"""
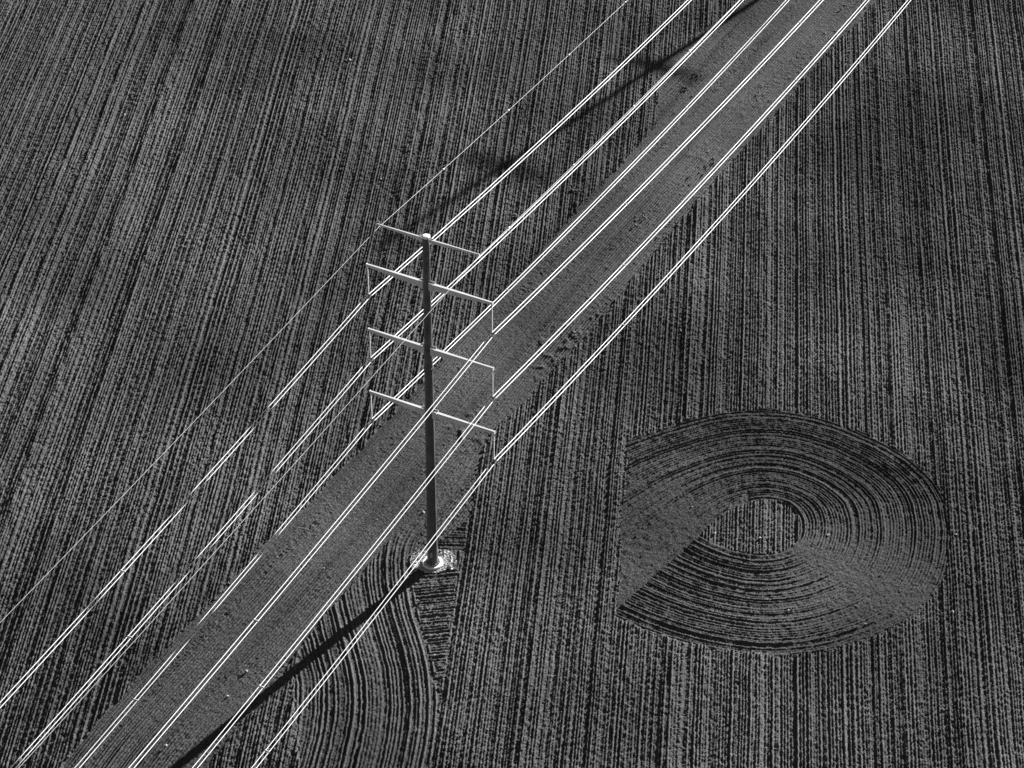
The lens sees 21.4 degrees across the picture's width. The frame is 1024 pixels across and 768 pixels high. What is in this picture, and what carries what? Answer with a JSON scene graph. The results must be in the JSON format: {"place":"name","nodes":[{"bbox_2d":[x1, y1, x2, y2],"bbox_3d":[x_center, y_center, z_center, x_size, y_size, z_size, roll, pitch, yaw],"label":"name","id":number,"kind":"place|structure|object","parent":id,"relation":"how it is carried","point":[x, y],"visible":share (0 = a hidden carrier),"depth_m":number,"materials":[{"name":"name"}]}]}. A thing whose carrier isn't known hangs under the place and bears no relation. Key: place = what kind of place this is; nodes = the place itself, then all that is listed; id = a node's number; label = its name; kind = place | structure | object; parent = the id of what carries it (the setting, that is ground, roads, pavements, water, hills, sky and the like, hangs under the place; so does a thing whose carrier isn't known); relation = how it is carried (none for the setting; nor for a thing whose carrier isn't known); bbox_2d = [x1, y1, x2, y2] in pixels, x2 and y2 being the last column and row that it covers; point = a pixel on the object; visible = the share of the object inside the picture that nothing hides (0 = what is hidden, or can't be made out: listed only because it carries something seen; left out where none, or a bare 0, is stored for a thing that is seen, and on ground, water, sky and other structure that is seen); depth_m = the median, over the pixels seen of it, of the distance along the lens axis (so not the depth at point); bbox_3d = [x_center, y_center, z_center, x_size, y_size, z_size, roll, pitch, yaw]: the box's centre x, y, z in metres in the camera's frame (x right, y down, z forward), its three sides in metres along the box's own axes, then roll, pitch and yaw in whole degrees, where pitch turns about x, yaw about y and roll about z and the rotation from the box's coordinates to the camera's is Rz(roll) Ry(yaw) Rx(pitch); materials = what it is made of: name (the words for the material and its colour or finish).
{"place":"outdoors","nodes":[
{"label":"outdoors","id":0,"kind":"place"},
{"bbox_2d":[410,549,456,573],"bbox_3d":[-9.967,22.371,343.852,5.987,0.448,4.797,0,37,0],"label":"gravel","id":1,"kind":"structure","parent":0,"point":[446,557],"depth_m":343.77,"materials":[{"name":"white gravel"}]},
{"bbox_2d":[0,0,1023,767],"bbox_3d":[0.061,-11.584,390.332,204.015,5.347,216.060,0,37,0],"label":"field","id":2,"kind":"structure","parent":0,"point":[854,260],"depth_m":383.84,"materials":[{"name":"soil"}]},
{"bbox_2d":[293,410,502,767],"bbox_3d":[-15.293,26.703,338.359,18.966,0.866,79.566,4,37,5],"label":"curved headland","id":3,"kind":"structure","parent":2,"relation":"attached to","point":[375,701],"depth_m":329.64,"materials":[{"name":"soil"}]},
{"bbox_2d":[365,224,496,569],"bbox_3d":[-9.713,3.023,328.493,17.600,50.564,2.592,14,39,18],"label":"transmission tower","id":4,"kind":"structure","parent":3,"relation":"on","point":[432,560],"depth_m":324.90,"materials":[{"name":"metal"}]},
{"bbox_2d":[10,1,625,611],"bbox_3d":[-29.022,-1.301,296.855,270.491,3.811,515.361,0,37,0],"label":"ground wire","id":5,"kind":"object","parent":4,"relation":"attached to","point":[274,337],"visible":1,"depth_m":303.12,"materials":[{"name":"metal"}]},
{"bbox_2d":[0,0,687,707],"bbox_3d":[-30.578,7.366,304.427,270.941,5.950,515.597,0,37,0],"label":"conductor pair","id":6,"kind":"object","parent":4,"relation":"hanging from","point":[322,350],"visible":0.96,"depth_m":312.25,"materials":[{"name":"metal"}]},
{"bbox_2d":[11,0,743,767],"bbox_3d":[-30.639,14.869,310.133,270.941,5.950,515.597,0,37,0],"label":"conductor pair","id":7,"kind":"object","parent":4,"relation":"hanging from","point":[351,384],"visible":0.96,"depth_m":321.34,"materials":[{"name":"metal"}]},
{"bbox_2d":[23,7,732,762],"bbox_3d":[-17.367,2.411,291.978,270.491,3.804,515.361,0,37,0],"label":"power line","id":8,"kind":"object","parent":4,"relation":"attached to","point":[321,433],"visible":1,"depth_m":299.53,"materials":[{"name":"metal"}]},
{"bbox_2d":[75,0,786,767],"bbox_3d":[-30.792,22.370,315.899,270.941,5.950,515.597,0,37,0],"label":"conductor pair","id":9,"kind":"object","parent":4,"relation":"hanging from","point":[433,364],"visible":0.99,"depth_m":338.03,"materials":[{"name":"metal"}]},
{"bbox_2d":[129,0,819,767],"bbox_3d":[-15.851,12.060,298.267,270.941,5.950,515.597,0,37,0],"label":"conductor pair","id":10,"kind":"object","parent":4,"relation":"hanging from","point":[425,418],"visible":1,"depth_m":307.19,"materials":[{"name":"metal"}]},
{"bbox_2d":[192,0,866,767],"bbox_3d":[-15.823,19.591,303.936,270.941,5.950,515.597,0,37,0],"label":"conductor pair","id":11,"kind":"object","parent":4,"relation":"hanging from","point":[496,392],"visible":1,"depth_m":321.93,"materials":[{"name":"metal"}]},
{"bbox_2d":[251,0,910,767],"bbox_3d":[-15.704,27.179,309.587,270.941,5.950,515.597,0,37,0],"label":"conductor pair","id":12,"kind":"object","parent":4,"relation":"hanging from","point":[623,324],"visible":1,"depth_m":337.57,"materials":[{"name":"metal"}]},
{"bbox_2d":[64,0,878,767],"bbox_3d":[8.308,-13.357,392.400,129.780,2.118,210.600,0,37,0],"label":"harrowed strip","id":13,"kind":"object","parent":2,"relation":"attached to","point":[712,124],"visible":0.95,"depth_m":373.04,"materials":[{"name":"soil"}]},
{"bbox_2d":[463,4,981,454],"bbox_3d":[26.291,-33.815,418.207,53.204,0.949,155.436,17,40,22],"label":"soil clods","id":14,"kind":"object","parent":2,"relation":"on","point":[640,341],"visible":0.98,"depth_m":393.20,"materials":[{"name":"grey soil"}]},
{"bbox_2d":[616,407,951,656],"bbox_3d":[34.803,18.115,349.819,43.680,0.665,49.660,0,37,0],"label":"turning loop","id":15,"kind":"object","parent":2,"relation":"attached to","point":[876,560],"visible":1,"depth_m":347.97,"materials":[{"name":"soil"}]}
]}
"""
- **EXERCISE OBJECTIVE**
Without the pictures, return the whole of the data exactly as given.

- **RESPONSE TO THE TASK**
The lens sees 21.4 degrees across the picture's width. The frame is 1024 pixels across and 768 pixels high. What is in this picture, and what carries what? Answer with a JSON scene graph. The results must be in the JSON format: {"place":"name","nodes":[{"bbox_2d":[x1, y1, x2, y2],"bbox_3d":[x_center, y_center, z_center, x_size, y_size, z_size, roll, pitch, yaw],"label":"name","id":number,"kind":"place|structure|object","parent":id,"relation":"how it is carried","point":[x, y],"visible":share (0 = a hidden carrier),"depth_m":number,"materials":[{"name":"name"}]}]}. A thing whose carrier isn't known hangs under the place and bears no relation. Key: place = what kind of place this is; nodes = the place itself, then all that is listed; id = a node's number; label = its name; kind = place | structure | object; parent = the id of what carries it (the setting, that is ground, roads, pavements, water, hills, sky and the like, hangs under the place; so does a thing whose carrier isn't known); relation = how it is carried (none for the setting; nor for a thing whose carrier isn't known); bbox_2d = [x1, y1, x2, y2] in pixels, x2 and y2 being the last column and row that it covers; point = a pixel on the object; visible = the share of the object inside the picture that nothing hides (0 = what is hidden, or can't be made out: listed only because it carries something seen; left out where none, or a bare 0, is stored for a thing that is seen, and on ground, water, sky and other structure that is seen); depth_m = the median, over the pixels seen of it, of the distance along the lens axis (so not the depth at point); bbox_3d = [x_center, y_center, z_center, x_size, y_size, z_size, roll, pitch, yaw]: the box's centre x, y, z in metres in the camera's frame (x right, y down, z forward), its three sides in metres along the box's own axes, then roll, pitch and yaw in whole degrees, where pitch turns about x, yaw about y and roll about z and the rotation from the box's coordinates to the camera's is Rz(roll) Ry(yaw) Rx(pitch); materials = what it is made of: name (the words for the material and its colour or finish).
{"place":"outdoors","nodes":[
{"label":"outdoors","id":0,"kind":"place"},
{"bbox_2d":[410,549,456,573],"bbox_3d":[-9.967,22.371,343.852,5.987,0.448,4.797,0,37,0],"label":"gravel","id":1,"kind":"structure","parent":0,"point":[446,557],"depth_m":343.77,"materials":[{"name":"white gravel"}]},
{"bbox_2d":[0,0,1023,767],"bbox_3d":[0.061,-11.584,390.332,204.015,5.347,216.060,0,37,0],"label":"field","id":2,"kind":"structure","parent":0,"point":[854,260],"depth_m":383.84,"materials":[{"name":"soil"}]},
{"bbox_2d":[293,410,502,767],"bbox_3d":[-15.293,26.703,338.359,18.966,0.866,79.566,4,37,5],"label":"curved headland","id":3,"kind":"structure","parent":2,"relation":"attached to","point":[375,701],"depth_m":329.64,"materials":[{"name":"soil"}]},
{"bbox_2d":[365,224,496,569],"bbox_3d":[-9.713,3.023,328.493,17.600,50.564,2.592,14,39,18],"label":"transmission tower","id":4,"kind":"structure","parent":3,"relation":"on","point":[432,560],"depth_m":324.90,"materials":[{"name":"metal"}]},
{"bbox_2d":[10,1,625,611],"bbox_3d":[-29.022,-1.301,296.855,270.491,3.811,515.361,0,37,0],"label":"ground wire","id":5,"kind":"object","parent":4,"relation":"attached to","point":[274,337],"visible":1,"depth_m":303.12,"materials":[{"name":"metal"}]},
{"bbox_2d":[0,0,687,707],"bbox_3d":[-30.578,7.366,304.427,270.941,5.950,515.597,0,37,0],"label":"conductor pair","id":6,"kind":"object","parent":4,"relation":"hanging from","point":[322,350],"visible":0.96,"depth_m":312.25,"materials":[{"name":"metal"}]},
{"bbox_2d":[11,0,743,767],"bbox_3d":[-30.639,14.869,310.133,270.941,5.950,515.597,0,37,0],"label":"conductor pair","id":7,"kind":"object","parent":4,"relation":"hanging from","point":[351,384],"visible":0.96,"depth_m":321.34,"materials":[{"name":"metal"}]},
{"bbox_2d":[23,7,732,762],"bbox_3d":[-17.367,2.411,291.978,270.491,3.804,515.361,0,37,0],"label":"power line","id":8,"kind":"object","parent":4,"relation":"attached to","point":[321,433],"visible":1,"depth_m":299.53,"materials":[{"name":"metal"}]},
{"bbox_2d":[75,0,786,767],"bbox_3d":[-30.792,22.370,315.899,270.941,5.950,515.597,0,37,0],"label":"conductor pair","id":9,"kind":"object","parent":4,"relation":"hanging from","point":[433,364],"visible":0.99,"depth_m":338.03,"materials":[{"name":"metal"}]},
{"bbox_2d":[129,0,819,767],"bbox_3d":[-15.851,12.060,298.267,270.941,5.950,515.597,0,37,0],"label":"conductor pair","id":10,"kind":"object","parent":4,"relation":"hanging from","point":[425,418],"visible":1,"depth_m":307.19,"materials":[{"name":"metal"}]},
{"bbox_2d":[192,0,866,767],"bbox_3d":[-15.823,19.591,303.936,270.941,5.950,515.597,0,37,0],"label":"conductor pair","id":11,"kind":"object","parent":4,"relation":"hanging from","point":[496,392],"visible":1,"depth_m":321.93,"materials":[{"name":"metal"}]},
{"bbox_2d":[251,0,910,767],"bbox_3d":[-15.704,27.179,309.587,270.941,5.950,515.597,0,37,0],"label":"conductor pair","id":12,"kind":"object","parent":4,"relation":"hanging from","point":[623,324],"visible":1,"depth_m":337.57,"materials":[{"name":"metal"}]},
{"bbox_2d":[64,0,878,767],"bbox_3d":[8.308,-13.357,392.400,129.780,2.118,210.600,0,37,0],"label":"harrowed strip","id":13,"kind":"object","parent":2,"relation":"attached to","point":[712,124],"visible":0.95,"depth_m":373.04,"materials":[{"name":"soil"}]},
{"bbox_2d":[463,4,981,454],"bbox_3d":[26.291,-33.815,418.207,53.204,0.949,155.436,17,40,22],"label":"soil clods","id":14,"kind":"object","parent":2,"relation":"on","point":[640,341],"visible":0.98,"depth_m":393.20,"materials":[{"name":"grey soil"}]},
{"bbox_2d":[616,407,951,656],"bbox_3d":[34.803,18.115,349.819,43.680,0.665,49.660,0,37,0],"label":"turning loop","id":15,"kind":"object","parent":2,"relation":"attached to","point":[876,560],"visible":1,"depth_m":347.97,"materials":[{"name":"soil"}]}
]}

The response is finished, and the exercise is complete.